On Wed, Jan 24, 2018 at 09:17:55AM +0100, Christoffer Dall wrote:
> Hi Shih-Wei,
> 
> On Fri, Jan 19, 2018 at 04:57:55PM -0500, Shih-Wei Li wrote:
> > Thanks for the feedback about the mistakes in math and some issues in
> > naming, print msg, and coding style. I'll be careful and try to avoid
> > the same problems the next patch set. Sorry for all of the confusion.
> > 
> > So we now skip the test when "sample == 0" happens over 1000 times.
> > This is only due to the case that "cost is < 1/cntfrq" since it's not
> > possible for the tick to overflow for that many times. Did I miss
> > something here?
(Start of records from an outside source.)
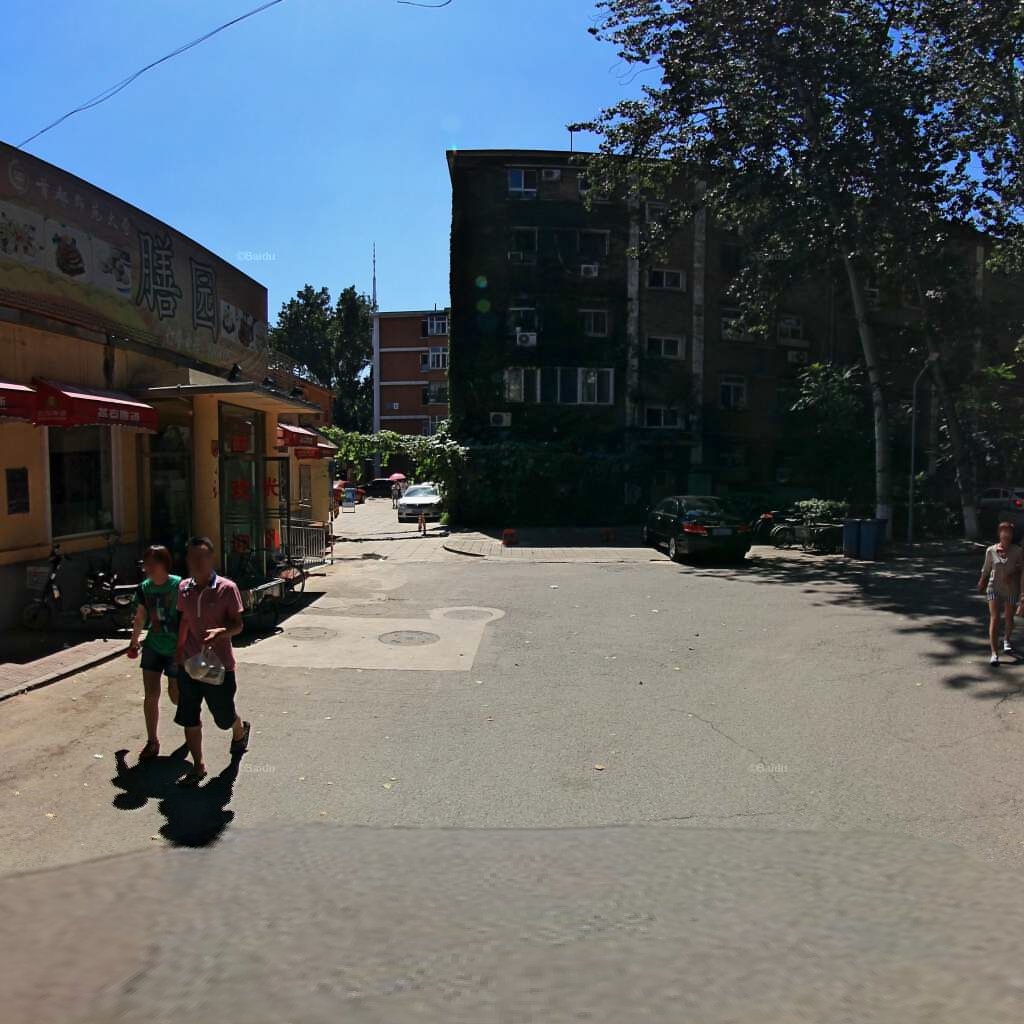
Region: Haidian
Road damage annotations: longitudinal crack, transverse crack, longitudinal crack, manhole cover, manhole cover, manhole cover, transverse crack, longitudinal crack, transverse crack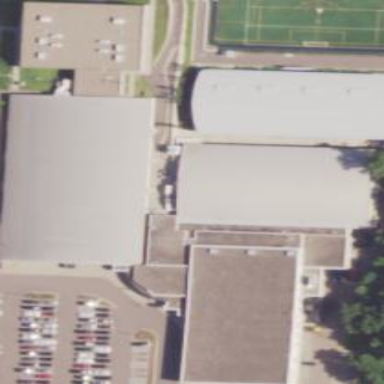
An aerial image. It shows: Building serving as ice hockey sports center.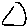
Label: triangle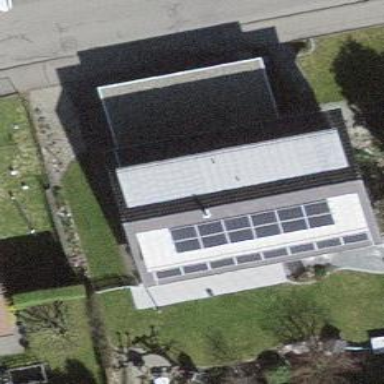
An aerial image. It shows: Solar power generator utilizing photovoltaic technology with solar photovoltaic panels.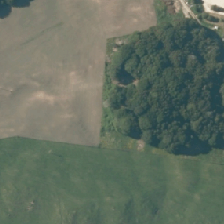
Land cover: indigenous_forest
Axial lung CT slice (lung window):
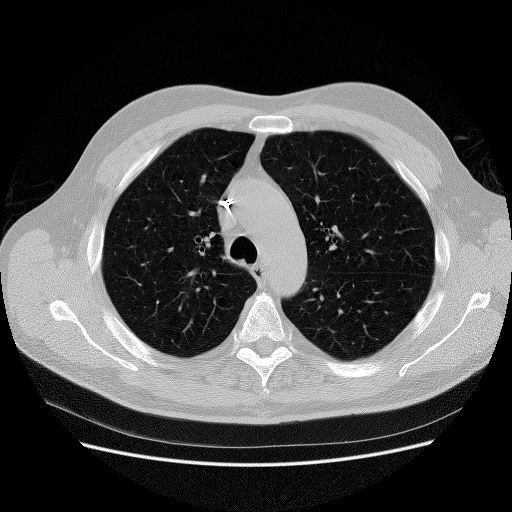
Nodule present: no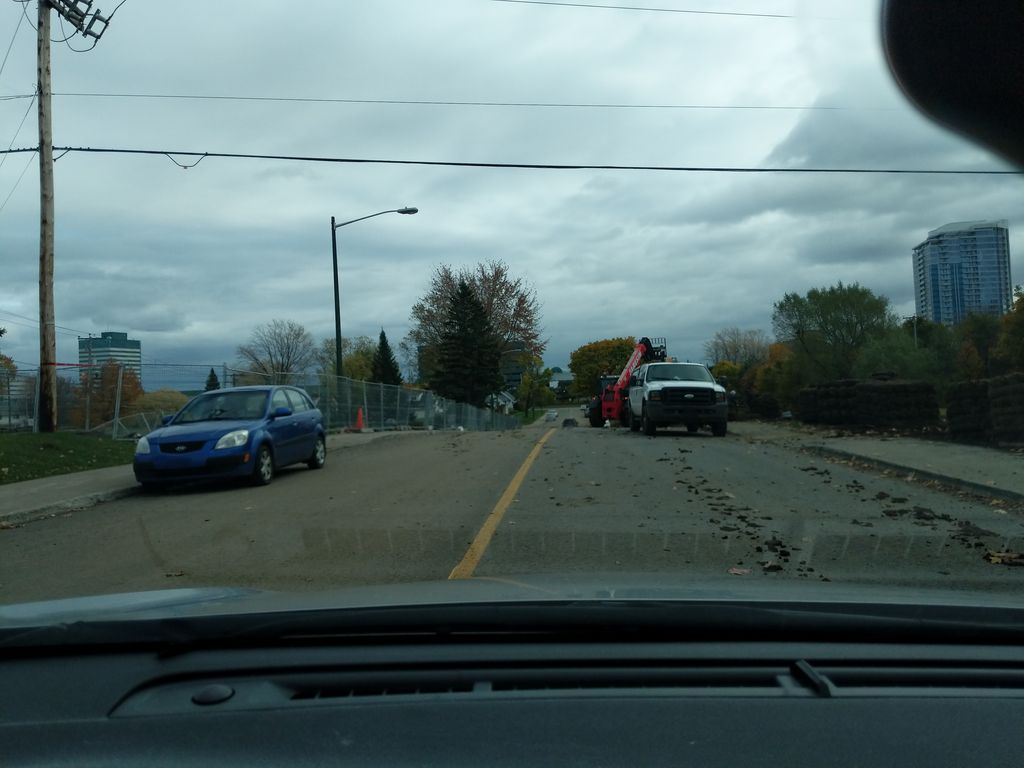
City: quebec_city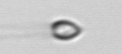
Label: flagellate
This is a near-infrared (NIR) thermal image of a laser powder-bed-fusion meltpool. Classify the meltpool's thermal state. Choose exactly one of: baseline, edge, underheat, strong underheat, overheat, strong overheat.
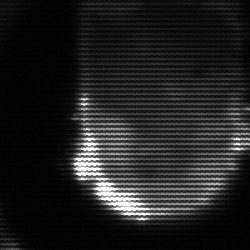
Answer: baseline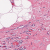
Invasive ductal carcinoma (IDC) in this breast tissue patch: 0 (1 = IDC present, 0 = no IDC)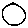
Label: circle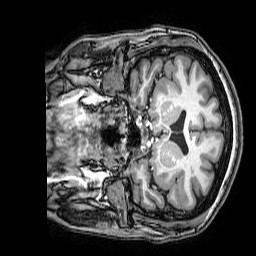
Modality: T1w
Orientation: coronal
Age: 48
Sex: female
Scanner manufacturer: philips
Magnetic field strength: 3 T
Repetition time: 0.008113 s
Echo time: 0.003709 s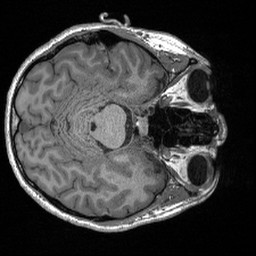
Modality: T1w
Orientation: axial
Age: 31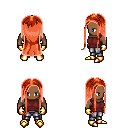
a pixel art fantasy rpg character, male body template, human, dark skin, maroon sleeveless shirt, metal pants, red extra-long hairstyle, gold gloves, gold boots, four views (front, back, left, right), 2x2 character sprite sheet, small pixel art, hard edges, no anti-aliasing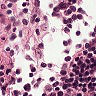
Metastatic tissue present: no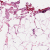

I do agree that we should output better msgs to tell
> > users that the cost of a certain test is constantly smaller than a
> > tick.
> > 
> 
> I think for things like vmexit counts, it's very likely that all the
> samples will result in 0 ticks on many systems (fast CPU and slow arch
> counter; the architecture doesn't give us any guarantees here).  For
> example, a system with a 2 GHz CPU and a 1 MHz counter will give you a
> granularity of 2000 cycles for each counter tick, which is not that
> useful for low-level tuning of KVM.
> 
> So what I thought we were going to do was:
> 
> main_test_function()
> {
> 	long ntimes = NTIMES;
> 	long cost, total_cost;
> 
> 	cnt1 = read_cnt();
> 	do {
> 		run_test();
> 	} while(ntimes--);
> 	cnt2 = read_cnt();
> 
> 	if (verify_sane_counter(cnt1, cnt2))
> 		return;
> 
> 	total_cost = to_nanoseconds(cnt2 - cnt1);
> 	cost = total_cost / NTIMES;
> 	printf("testname: %l (%l)\n", cost, total_cost);
> }
> 
> And in that way amortize the potential lack of precision over all the
> iterations.  Did I miss some prior discussion about why that was a bad
> idea?

Not that I know of, but I missed the above proposal, which I completely
agree with.

> 
> It would also be possible to have two functions, one that does the above
> and one that does a per-run measurement, in case the user wants to know
> min/max/stddev and is running on a system with sufficient precision.
> The method could be chosen via an argument.

We should be able to just make NTIMES variable, setting it to one when a
per-run measurement is desired, right? Anyway, I'm fine with having set
to a reasonable value, not variable / no argument, for initial merge.

Thanks,
drew